- Records from a data collection:
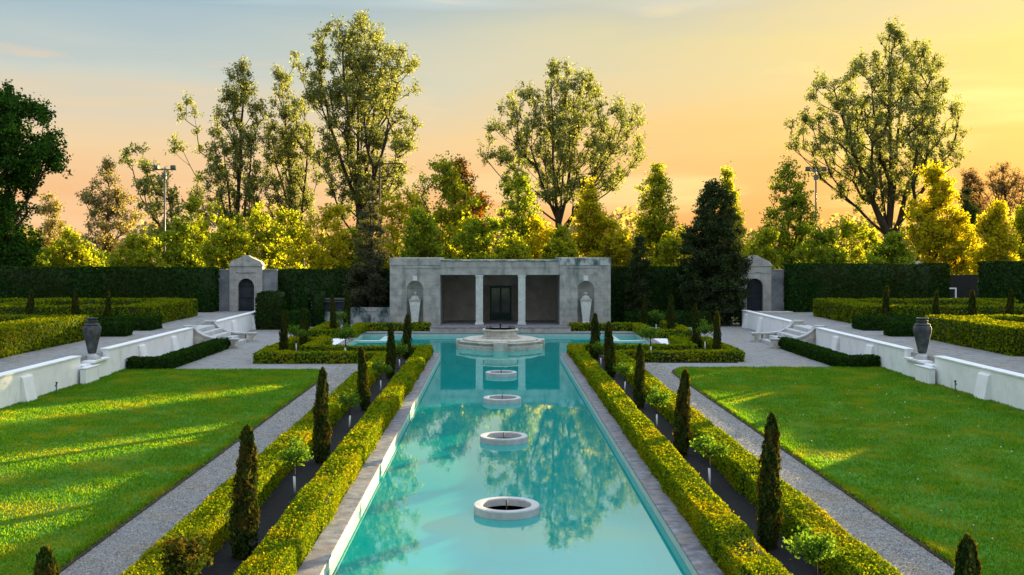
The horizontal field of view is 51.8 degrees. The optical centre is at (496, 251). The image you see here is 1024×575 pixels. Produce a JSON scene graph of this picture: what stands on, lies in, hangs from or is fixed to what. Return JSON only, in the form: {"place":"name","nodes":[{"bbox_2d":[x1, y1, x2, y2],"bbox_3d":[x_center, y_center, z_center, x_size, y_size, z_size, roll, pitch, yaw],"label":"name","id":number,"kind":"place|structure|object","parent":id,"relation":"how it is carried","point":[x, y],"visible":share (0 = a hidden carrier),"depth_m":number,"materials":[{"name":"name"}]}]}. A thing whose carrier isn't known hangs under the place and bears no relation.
{"place":"outdoors","nodes":[
{"label":"outdoors","id":0,"kind":"place"},
{"bbox_2d":[0,311,250,372],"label":"terrace","id":1,"kind":"structure","parent":0,"point":[13,362],"depth_m":43.50,"materials":[{"name":"grey stone"}]},
{"bbox_2d":[0,313,91,357],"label":"parterre hedge","id":2,"kind":"object","parent":1,"relation":"on","point":[21,333],"visible":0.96,"depth_m":42.27,"materials":[{"name":"green plant"}]},
{"bbox_2d":[0,297,197,322],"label":"parterre hedge","id":3,"kind":"object","parent":1,"relation":"on","point":[170,309],"visible":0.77,"depth_m":57.93,"materials":[{"name":"green plant"}]},
{"bbox_2d":[0,266,219,311],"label":"tall hedge","id":4,"kind":"object","parent":1,"relation":"on","point":[201,285],"visible":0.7,"depth_m":67.23,"materials":[{"name":"green plant"}]},
{"bbox_2d":[87,314,162,330],"bbox_3d":[-18.658,3.558,52.446,3.658,0.769,1.865,0,0,0],"label":"hedge","id":5,"kind":"object","parent":1,"relation":"on","point":[146,322],"visible":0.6,"depth_m":51.65,"materials":[{"name":"green plant"}]},
{"bbox_2d":[218,255,277,310],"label":"stone gateway","id":6,"kind":"object","parent":1,"relation":"on","point":[243,280],"visible":0.94,"depth_m":68.60,"materials":[{"name":"stone"}]},
{"bbox_2d":[0,369,315,574],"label":"lawn","id":7,"kind":"structure","parent":0,"point":[85,484],"depth_m":23.81,"materials":[{"name":"green plant"}]},
{"bbox_2d":[60,321,953,574],"bbox_3d":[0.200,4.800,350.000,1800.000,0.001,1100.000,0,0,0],"label":"ground","id":8,"kind":"structure","parent":0,"point":[758,354],"depth_m":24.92,"materials":[{"name":"grey gravel"}]},
{"bbox_2d":[0,79,74,268],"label":"maple tree","id":9,"kind":"object","parent":8,"relation":"on","point":[21,170],"visible":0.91,"depth_m":74.98,"materials":[{"name":"green plant"}]},
{"bbox_2d":[0,356,81,407],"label":"retaining wall","id":10,"kind":"structure","parent":8,"relation":"on","point":[30,382],"depth_m":34.35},
{"bbox_2d":[79,357,110,383],"bbox_3d":[-15.040,4.460,39.123,0.860,0.880,3.105,0,0,0],"label":"urn pedestal","id":11,"kind":"object","parent":8,"relation":"on","point":[92,370],"visible":0.71,"depth_m":38.58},
{"bbox_2d":[82,317,101,359],"bbox_3d":[-15.090,3.245,39.350,0.670,1.550,0.670,0,0,0],"label":"garden urn","id":12,"kind":"object","parent":11,"relation":"on","point":[92,329],"visible":1,"depth_m":39.16,"materials":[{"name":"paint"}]},
{"bbox_2d":[104,226,170,268],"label":"bush","id":13,"kind":"object","parent":8,"relation":"on","point":[142,252],"visible":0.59,"depth_m":77.13,"materials":[{"name":"green plant"}]},
{"bbox_2d":[100,327,193,372],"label":"retaining wall","id":14,"kind":"structure","parent":8,"relation":"on","point":[156,345],"depth_m":45.44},
{"bbox_2d":[126,337,231,368],"bbox_3d":[-14.038,4.528,47.531,1.866,0.663,10.272,0,0,0],"label":"corner hedge","id":15,"kind":"object","parent":8,"relation":"on","point":[183,356],"visible":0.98,"depth_m":44.50,"materials":[{"name":"green plant"}]},
{"bbox_2d":[58,372,327,571],"bbox_3d":[-10.755,4.785,23.200,8.490,0.029,38.400,0,0,0],"label":"lawn edge","id":16,"kind":"object","parent":8,"relation":"on","point":[109,534],"visible":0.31,"depth_m":20.26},
{"bbox_2d":[182,320,256,348],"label":"garden steps","id":17,"kind":"structure","parent":8,"relation":"on","point":[210,329],"depth_m":54.26,"materials":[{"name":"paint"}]},
{"bbox_2d":[194,216,255,268],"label":"bush","id":18,"kind":"object","parent":8,"relation":"on","point":[234,248],"visible":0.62,"depth_m":77.83,"materials":[{"name":"green plant"}]},
{"bbox_2d":[255,290,287,329],"bbox_3d":[-13.967,3.596,65.389,1.871,2.542,1.874,0,0,0],"label":"clipped bush","id":19,"kind":"object","parent":8,"relation":"on","point":[270,306],"visible":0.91,"depth_m":64.64,"materials":[{"name":"green plant"}]},
{"bbox_2d":[270,268,389,310],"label":"tall hedge","id":20,"kind":"object","parent":8,"relation":"on","point":[329,281],"visible":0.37,"depth_m":69.34,"materials":[{"name":"green plant"}]},
{"bbox_2d":[309,307,389,325],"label":"wall","id":21,"kind":"structure","parent":8,"relation":"on","point":[382,314],"depth_m":67.70,"materials":[{"name":"grey stone"}]},
{"bbox_2d":[342,178,393,319],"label":"spruce tree","id":22,"kind":"object","parent":8,"relation":"on","point":[374,280],"visible":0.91,"depth_m":68.39,"materials":[{"name":"green plant"}]},
{"bbox_2d":[389,258,610,331],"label":"pavilion","id":23,"kind":"structure","parent":8,"relation":"on","point":[479,295],"depth_m":64.94,"materials":[{"name":"stone"}]},
{"bbox_2d":[490,286,510,319],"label":"door","id":24,"kind":"structure","parent":23,"relation":"in","point":[500,296],"depth_m":69.22,"materials":[{"name":"black glass"}]},
{"bbox_2d":[481,230,531,258],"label":"bush","id":25,"kind":"object","parent":8,"relation":"on","point":[512,248],"visible":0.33,"depth_m":76.70,"materials":[{"name":"green plant"}]},
{"bbox_2d":[195,328,824,574],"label":"bed soil","id":26,"kind":"structure","parent":8,"relation":"on","point":[273,507],"depth_m":21.08,"materials":[{"name":"black soil"}]},
{"bbox_2d":[32,545,60,574],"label":"cypress","id":27,"kind":"object","parent":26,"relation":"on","point":[46,561],"visible":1,"depth_m":9.27,"materials":[{"name":"green plant"}]},
{"bbox_2d":[158,532,213,574],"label":"standard rose","id":28,"kind":"object","parent":26,"relation":"on","point":[184,555],"visible":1,"depth_m":13.29,"materials":[{"name":"green plant"}]},
{"bbox_2d":[227,424,261,559],"bbox_3d":[-3.926,3.766,16.482,0.540,2.171,0.540,2,1,-15],"label":"cypress","id":29,"kind":"object","parent":26,"relation":"on","point":[244,521],"visible":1,"depth_m":16.37,"materials":[{"name":"green plant"}]},
{"bbox_2d":[120,335,386,574],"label":"boxwood hedge","id":30,"kind":"object","parent":26,"relation":"on","point":[208,518],"visible":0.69,"depth_m":21.90,"materials":[{"name":"green plant"}]},
{"bbox_2d":[271,431,313,494],"bbox_3d":[-3.910,4.181,20.692,0.765,1.238,0.711,0,2,29],"label":"standard rose","id":31,"kind":"object","parent":26,"relation":"on","point":[301,453],"visible":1,"depth_m":20.63,"materials":[{"name":"green plant"}]},
{"bbox_2d":[311,366,332,463],"bbox_3d":[-3.961,3.726,23.885,0.499,2.254,0.494,0,0,11],"label":"cypress","id":32,"kind":"object","parent":26,"relation":"on","point":[321,434],"visible":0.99,"depth_m":23.80,"materials":[{"name":"green plant"}]},
{"bbox_2d":[233,335,433,574],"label":"boxwood hedge","id":33,"kind":"object","parent":26,"relation":"on","point":[285,546],"visible":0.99,"depth_m":20.30,"materials":[{"name":"green plant"}]},
{"bbox_2d":[356,346,370,409],"bbox_3d":[-4.027,3.848,31.817,0.476,2.000,0.442,-2,-1,-30],"label":"cypress","id":34,"kind":"object","parent":26,"relation":"on","point":[364,392],"visible":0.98,"depth_m":31.72,"materials":[{"name":"green plant"}]},
{"bbox_2d":[307,320,431,338],"bbox_3d":[-7.233,4.535,62.138,6.686,0.680,7.862,0,0,0],"label":"boxwood hedge","id":35,"kind":"object","parent":26,"relation":"on","point":[323,328],"visible":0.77,"depth_m":63.43,"materials":[{"name":"green plant"}]},
{"bbox_2d":[568,320,691,337],"bbox_3d":[7.645,4.532,62.167,6.655,0.688,7.886,0,0,0],"label":"boxwood hedge","id":36,"kind":"object","parent":26,"relation":"on","point":[678,330],"visible":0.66,"depth_m":63.48,"materials":[{"name":"green plant"}]},
{"bbox_2d":[632,343,645,407],"bbox_3d":[4.402,3.822,32.320,0.454,2.053,0.489,1,-1,16],"label":"cypress","id":37,"kind":"object","parent":26,"relation":"on","point":[639,391],"visible":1,"depth_m":32.22,"materials":[{"name":"green plant"}]},
{"bbox_2d":[567,335,792,574],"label":"boxwood hedge","id":38,"kind":"object","parent":26,"relation":"on","point":[722,532],"visible":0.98,"depth_m":20.19,"materials":[{"name":"green plant"}]},
{"bbox_2d":[671,369,693,455],"bbox_3d":[4.365,3.796,24.804,0.502,2.107,0.510,0,0,-31],"label":"cypress","id":39,"kind":"object","parent":26,"relation":"on","point":[681,428],"visible":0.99,"depth_m":24.68,"materials":[{"name":"green plant"}]},
{"bbox_2d":[689,431,731,485],"bbox_3d":[4.368,4.232,21.560,0.822,1.138,0.757,0,-2,-32],"label":"standard rose","id":40,"kind":"object","parent":26,"relation":"on","point":[703,442],"visible":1,"depth_m":21.46,"materials":[{"name":"green plant"}]},
{"bbox_2d":[614,335,903,574],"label":"boxwood hedge","id":41,"kind":"object","parent":26,"relation":"on","point":[738,467],"visible":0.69,"depth_m":20.86,"materials":[{"name":"green plant"}]},
{"bbox_2d":[755,411,783,549],"bbox_3d":[4.415,3.710,17.006,0.488,2.287,0.488,2,-1,31],"label":"cypress","id":42,"kind":"object","parent":26,"relation":"on","point":[768,515],"visible":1,"depth_m":16.90,"materials":[{"name":"green plant"}]},
{"bbox_2d":[781,519,844,574],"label":"standard rose","id":43,"kind":"object","parent":26,"relation":"on","point":[817,546],"visible":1,"depth_m":14.24,"materials":[{"name":"green plant"}]},
{"bbox_2d":[476,56,648,231],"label":"poplar tree","id":44,"kind":"object","parent":8,"relation":"on","point":[561,132],"visible":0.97,"depth_m":98.31,"materials":[{"name":"green plant"}]},
{"bbox_2d":[624,233,658,310],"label":"juniper tree","id":45,"kind":"object","parent":8,"relation":"on","point":[637,283],"visible":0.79,"depth_m":69.02,"materials":[{"name":"green plant"}]},
{"bbox_2d":[622,309,712,326],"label":"clipped bush","id":46,"kind":"object","parent":8,"relation":"on","point":[683,317],"visible":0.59,"depth_m":66.83,"materials":[{"name":"green plant"}]},
{"bbox_2d":[611,266,730,322],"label":"tall hedge","id":47,"kind":"object","parent":8,"relation":"on","point":[662,287],"visible":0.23,"depth_m":69.91,"materials":[{"name":"green plant"}]},
{"bbox_2d":[671,177,753,325],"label":"yew tree","id":48,"kind":"object","parent":8,"relation":"on","point":[713,250],"visible":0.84,"depth_m":68.04,"materials":[{"name":"green plant"}]},
{"bbox_2d":[742,218,783,268],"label":"bush","id":49,"kind":"object","parent":8,"relation":"on","point":[766,237],"visible":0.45,"depth_m":78.26,"materials":[{"name":"green plant"}]},
{"bbox_2d":[741,310,791,331],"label":"retaining wall","id":50,"kind":"structure","parent":8,"relation":"on","point":[757,321],"depth_m":62.30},
{"bbox_2d":[750,320,826,348],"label":"garden steps","id":51,"kind":"structure","parent":8,"relation":"on","point":[797,329],"depth_m":54.34,"materials":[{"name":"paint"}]},
{"bbox_2d":[672,369,954,567],"bbox_3d":[11.365,4.785,23.600,8.910,0.029,39.200,0,0,0],"label":"lawn edge","id":52,"kind":"object","parent":8,"relation":"on","point":[917,541],"visible":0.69,"depth_m":20.43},
{"bbox_2d":[790,225,853,263],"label":"bush","id":53,"kind":"object","parent":8,"relation":"on","point":[830,254],"visible":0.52,"depth_m":81.32,"materials":[{"name":"green plant"}]},
{"bbox_2d":[777,336,880,366],"bbox_3d":[14.859,4.536,47.890,1.859,0.649,9.599,0,0,0],"label":"corner hedge","id":54,"kind":"object","parent":8,"relation":"on","point":[826,355],"visible":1,"depth_m":45.09,"materials":[{"name":"green plant"}]},
{"bbox_2d":[815,327,913,372],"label":"retaining wall","id":55,"kind":"structure","parent":8,"relation":"on","point":[891,355],"depth_m":45.33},
{"bbox_2d":[782,15,973,260],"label":"poplar tree","id":56,"kind":"object","parent":8,"relation":"on","point":[868,182],"visible":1,"depth_m":98.94,"materials":[{"name":"green plant"}]},
{"bbox_2d":[902,357,935,383],"bbox_3d":[15.860,4.460,39.123,0.860,0.880,3.105,0,0,0],"label":"urn pedestal","id":57,"kind":"object","parent":8,"relation":"on","point":[922,371],"visible":0.67,"depth_m":38.60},
{"bbox_2d":[913,317,931,359],"bbox_3d":[15.910,3.245,39.350,0.670,1.550,0.670,0,0,0],"label":"garden urn","id":58,"kind":"object","parent":57,"relation":"on","point":[922,329],"visible":1,"depth_m":39.16,"materials":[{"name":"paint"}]},
{"bbox_2d":[934,356,1023,409],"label":"retaining wall","id":59,"kind":"structure","parent":8,"relation":"on","point":[985,382],"depth_m":34.02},
{"bbox_2d":[326,337,691,574],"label":"pool water","id":60,"kind":"structure","parent":0,"point":[443,470],"depth_m":22.24,"materials":[{"name":"teal liquid"}]},
{"bbox_2d":[0,0,1023,256],"label":"sky","id":61,"kind":"structure","parent":0,"point":[718,82],"materials":[{"name":"orange"}]},
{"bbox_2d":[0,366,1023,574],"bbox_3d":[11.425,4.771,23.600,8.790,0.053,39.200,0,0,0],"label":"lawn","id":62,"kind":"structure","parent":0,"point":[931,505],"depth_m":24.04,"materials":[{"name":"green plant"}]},
{"bbox_2d":[953,532,982,574],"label":"cypress","id":63,"kind":"object","parent":62,"relation":"on","point":[966,561],"visible":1,"depth_m":9.70,"materials":[{"name":"green plant"}]},
{"bbox_2d":[740,311,1023,373],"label":"terrace","id":64,"kind":"structure","parent":0,"point":[995,360],"depth_m":42.59,"materials":[{"name":"grey stone"}]},
{"bbox_2d":[722,255,783,312],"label":"stone gateway","id":65,"kind":"object","parent":64,"relation":"on","point":[766,288],"visible":0.72,"depth_m":68.60,"materials":[{"name":"stone"}]},
{"bbox_2d":[782,262,950,311],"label":"tall hedge","id":66,"kind":"object","parent":64,"relation":"on","point":[805,284],"visible":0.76,"depth_m":67.44,"materials":[{"name":"green plant"}]},
{"bbox_2d":[851,315,925,330],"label":"hedge","id":67,"kind":"object","parent":64,"relation":"on","point":[868,323],"visible":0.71,"depth_m":51.65,"materials":[{"name":"green plant"}]},
{"bbox_2d":[812,297,1023,323],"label":"parterre hedge","id":68,"kind":"object","parent":64,"relation":"on","point":[841,309],"visible":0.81,"depth_m":57.40,"materials":[{"name":"green plant"}]},
{"bbox_2d":[925,314,1023,355],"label":"parterre hedge","id":69,"kind":"object","parent":64,"relation":"on","point":[1001,333],"visible":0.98,"depth_m":42.31,"materials":[{"name":"green plant"}]},
{"bbox_2d":[976,260,1023,303],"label":"tall hedge","id":70,"kind":"object","parent":64,"relation":"on","point":[998,279],"visible":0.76,"depth_m":66.05,"materials":[{"name":"green plant"}]},
{"label":"pool floor","id":71,"kind":"structure","parent":0,"visible":0},
{"bbox_2d":[456,323,544,350],"bbox_3d":[0.220,4.805,55.000,4.324,2.090,4.324,0,0,-45],"label":"tiered fountain","id":72,"kind":"object","parent":71,"relation":"on","point":[500,338],"visible":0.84,"depth_m":53.89,"materials":[{"name":"stone"}]},
{"bbox_2d":[480,431,527,444],"bbox_3d":[0.200,5.324,27.700,1.260,1.149,1.260,0,0,0],"label":"ring fountain","id":73,"kind":"object","parent":71,"relation":"on","point":[503,438],"visible":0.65,"depth_m":27.41,"materials":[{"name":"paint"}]},
{"bbox_2d":[474,496,539,519],"bbox_3d":[0.200,5.324,20.160,1.260,1.149,1.260,0,0,0],"label":"ring fountain","id":74,"kind":"object","parent":71,"relation":"on","point":[506,508],"visible":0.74,"depth_m":20.02,"materials":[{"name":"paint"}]},
{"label":"pool wall","id":75,"kind":"structure","parent":71,"relation":"on","visible":0},
{"bbox_2d":[322,333,697,574],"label":"pool wall rim","id":76,"kind":"object","parent":75,"relation":"on","point":[656,512],"visible":0.32,"depth_m":29.12,"materials":[{"name":"grey stone"}]},
{"bbox_2d":[296,332,723,574],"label":"pool coping","id":77,"kind":"object","parent":76,"relation":"on","point":[320,553],"visible":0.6,"depth_m":21.15,"materials":[{"name":"stone"}]},
{"label":"field","id":78,"kind":"structure","parent":0,"visible":0},
{"bbox_2d":[35,191,73,253],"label":"linden tree","id":79,"kind":"object","parent":78,"relation":"on","point":[51,207],"visible":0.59,"depth_m":99.65,"materials":[{"name":"green plant"}]},
{"bbox_2d":[41,224,101,266],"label":"bush","id":80,"kind":"object","parent":78,"relation":"on","point":[74,252],"visible":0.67,"depth_m":79.71,"materials":[{"name":"green plant"}]},
{"bbox_2d":[74,155,147,258],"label":"linden tree","id":81,"kind":"object","parent":78,"relation":"on","point":[105,240],"visible":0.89,"depth_m":91.67,"materials":[{"name":"green plant"}]},
{"bbox_2d":[117,141,199,257],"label":"poplar tree","id":82,"kind":"object","parent":78,"relation":"on","point":[156,206],"visible":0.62,"depth_m":101.64,"materials":[{"name":"green plant"}]},
{"bbox_2d":[149,213,205,267],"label":"bush","id":83,"kind":"object","parent":78,"relation":"on","point":[182,254],"visible":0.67,"depth_m":80.81,"materials":[{"name":"green plant"}]},
{"bbox_2d":[173,194,225,268],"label":"bush","id":84,"kind":"object","parent":78,"relation":"on","point":[194,204],"visible":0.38,"depth_m":83.84,"materials":[{"name":"green plant"}]},
{"bbox_2d":[165,54,272,252],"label":"poplar tree","id":85,"kind":"object","parent":78,"relation":"on","point":[250,187],"visible":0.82,"depth_m":105.44,"materials":[{"name":"green plant"}]},
{"bbox_2d":[220,200,286,268],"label":"bush","id":86,"kind":"object","parent":78,"relation":"on","point":[271,254],"visible":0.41,"depth_m":81.59,"materials":[{"name":"green plant"}]},
{"bbox_2d":[253,204,325,268],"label":"bush","id":87,"kind":"object","parent":78,"relation":"on","point":[289,232],"visible":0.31,"depth_m":84.42,"materials":[{"name":"green plant"}]},
{"bbox_2d":[261,49,324,267],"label":"poplar tree","id":88,"kind":"object","parent":78,"relation":"on","point":[293,180],"visible":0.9,"depth_m":109.44,"materials":[{"name":"green plant"}]},
{"bbox_2d":[287,202,352,268],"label":"bush","id":89,"kind":"object","parent":78,"relation":"on","point":[319,257],"visible":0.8,"depth_m":78.89,"materials":[{"name":"green plant"}]},
{"bbox_2d":[289,8,424,255],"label":"poplar tree","id":90,"kind":"object","parent":78,"relation":"on","point":[361,63],"visible":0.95,"depth_m":98.69,"materials":[{"name":"green plant"}]},
{"bbox_2d":[364,186,429,268],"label":"tree","id":91,"kind":"object","parent":78,"relation":"on","point":[399,206],"visible":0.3,"depth_m":82.22,"materials":[{"name":"green plant"}]},
{"bbox_2d":[397,203,446,258],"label":"bush","id":92,"kind":"object","parent":78,"relation":"on","point":[414,240],"visible":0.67,"depth_m":76.57,"materials":[{"name":"green plant"}]},
{"bbox_2d":[400,150,495,258],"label":"linden tree","id":93,"kind":"object","parent":78,"relation":"on","point":[451,190],"visible":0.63,"depth_m":87.35,"materials":[{"name":"green plant"}]},
{"bbox_2d":[446,154,495,254],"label":"copper tree","id":94,"kind":"object","parent":78,"relation":"on","point":[480,212],"visible":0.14,"depth_m":95.80,"materials":[{"name":"plant"}]},
{"bbox_2d":[446,206,501,258],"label":"bush","id":95,"kind":"object","parent":78,"relation":"on","point":[469,237],"visible":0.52,"depth_m":79.75,"materials":[{"name":"green plant"}]},
{"bbox_2d":[5,203,1020,268],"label":"wood","id":96,"kind":"object","parent":78,"relation":"on","point":[626,216],"visible":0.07,"depth_m":182.20,"materials":[{"name":"green plant"}]},
{"bbox_2d":[493,153,544,257],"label":"linden tree","id":97,"kind":"object","parent":78,"relation":"on","point":[518,183],"visible":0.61,"depth_m":85.56,"materials":[{"name":"green plant"}]},
{"bbox_2d":[521,214,555,258],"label":"bush","id":98,"kind":"object","parent":78,"relation":"on","point":[534,242],"visible":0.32,"depth_m":82.89,"materials":[{"name":"green plant"}]},
{"bbox_2d":[537,223,581,258],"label":"bush","id":99,"kind":"object","parent":78,"relation":"on","point":[559,244],"visible":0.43,"depth_m":77.42,"materials":[{"name":"green plant"}]},
{"bbox_2d":[569,175,614,257],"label":"linden tree","id":100,"kind":"object","parent":78,"relation":"on","point":[590,215],"visible":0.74,"depth_m":81.47,"materials":[{"name":"green plant"}]},
{"bbox_2d":[587,217,649,265],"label":"bush","id":101,"kind":"object","parent":78,"relation":"on","point":[621,239],"visible":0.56,"depth_m":80.38,"materials":[{"name":"green plant"}]},
{"bbox_2d":[631,162,679,265],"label":"linden tree","id":102,"kind":"object","parent":78,"relation":"on","point":[651,226],"visible":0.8,"depth_m":87.43,"materials":[{"name":"green plant"}]},
{"bbox_2d":[651,224,691,266],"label":"bush","id":103,"kind":"object","parent":78,"relation":"on","point":[669,248],"visible":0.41,"depth_m":83.75,"materials":[{"name":"green plant"}]},
{"bbox_2d":[752,155,821,268],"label":"linden tree","id":104,"kind":"object","parent":78,"relation":"on","point":[801,228],"visible":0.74,"depth_m":85.46,"materials":[{"name":"green plant"}]},
{"bbox_2d":[822,214,883,262],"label":"bush","id":105,"kind":"object","parent":78,"relation":"on","point":[849,229],"visible":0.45,"depth_m":84.33,"materials":[{"name":"green plant"}]},
{"bbox_2d":[860,228,918,263],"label":"bush","id":106,"kind":"object","parent":78,"relation":"on","point":[895,250],"visible":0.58,"depth_m":78.86,"materials":[{"name":"green plant"}]},
{"bbox_2d":[897,158,973,269],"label":"linden tree","id":107,"kind":"object","parent":78,"relation":"on","point":[924,214],"visible":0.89,"depth_m":83.30,"materials":[{"name":"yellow plant"}]},
{"bbox_2d":[934,220,982,274],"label":"bush","id":108,"kind":"object","parent":78,"relation":"on","point":[959,248],"visible":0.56,"depth_m":82.21,"materials":[{"name":"green plant"}]},
{"bbox_2d":[960,196,1021,274],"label":"linden tree","id":109,"kind":"object","parent":78,"relation":"on","point":[994,230],"visible":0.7,"depth_m":77.44,"materials":[{"name":"green plant"}]},
{"bbox_2d":[973,161,1023,253],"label":"bare tree","id":110,"kind":"object","parent":78,"relation":"on","point":[1004,187],"visible":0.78,"depth_m":149.71,"materials":[{"name":"plant"}]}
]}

- Your objective: Out of the records above, pick each line that contains the string "paint".

- Response box:
{"bbox_2d":[82,317,101,359],"bbox_3d":[-15.090,3.245,39.350,0.670,1.550,0.670,0,0,0],"label":"garden urn","id":12,"kind":"object","parent":11,"relation":"on","point":[92,329],"visible":1,"depth_m":39.16,"materials":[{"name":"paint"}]},
{"bbox_2d":[182,320,256,348],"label":"garden steps","id":17,"kind":"structure","parent":8,"relation":"on","point":[210,329],"depth_m":54.26,"materials":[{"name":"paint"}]},
{"bbox_2d":[750,320,826,348],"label":"garden steps","id":51,"kind":"structure","parent":8,"relation":"on","point":[797,329],"depth_m":54.34,"materials":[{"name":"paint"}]},
{"bbox_2d":[913,317,931,359],"bbox_3d":[15.910,3.245,39.350,0.670,1.550,0.670,0,0,0],"label":"garden urn","id":58,"kind":"object","parent":57,"relation":"on","point":[922,329],"visible":1,"depth_m":39.16,"materials":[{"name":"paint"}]},
{"bbox_2d":[480,431,527,444],"bbox_3d":[0.200,5.324,27.700,1.260,1.149,1.260,0,0,0],"label":"ring fountain","id":73,"kind":"object","parent":71,"relation":"on","point":[503,438],"visible":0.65,"depth_m":27.41,"materials":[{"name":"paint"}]},
{"bbox_2d":[474,496,539,519],"bbox_3d":[0.200,5.324,20.160,1.260,1.149,1.260,0,0,0],"label":"ring fountain","id":74,"kind":"object","parent":71,"relation":"on","point":[506,508],"visible":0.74,"depth_m":20.02,"materials":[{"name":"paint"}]},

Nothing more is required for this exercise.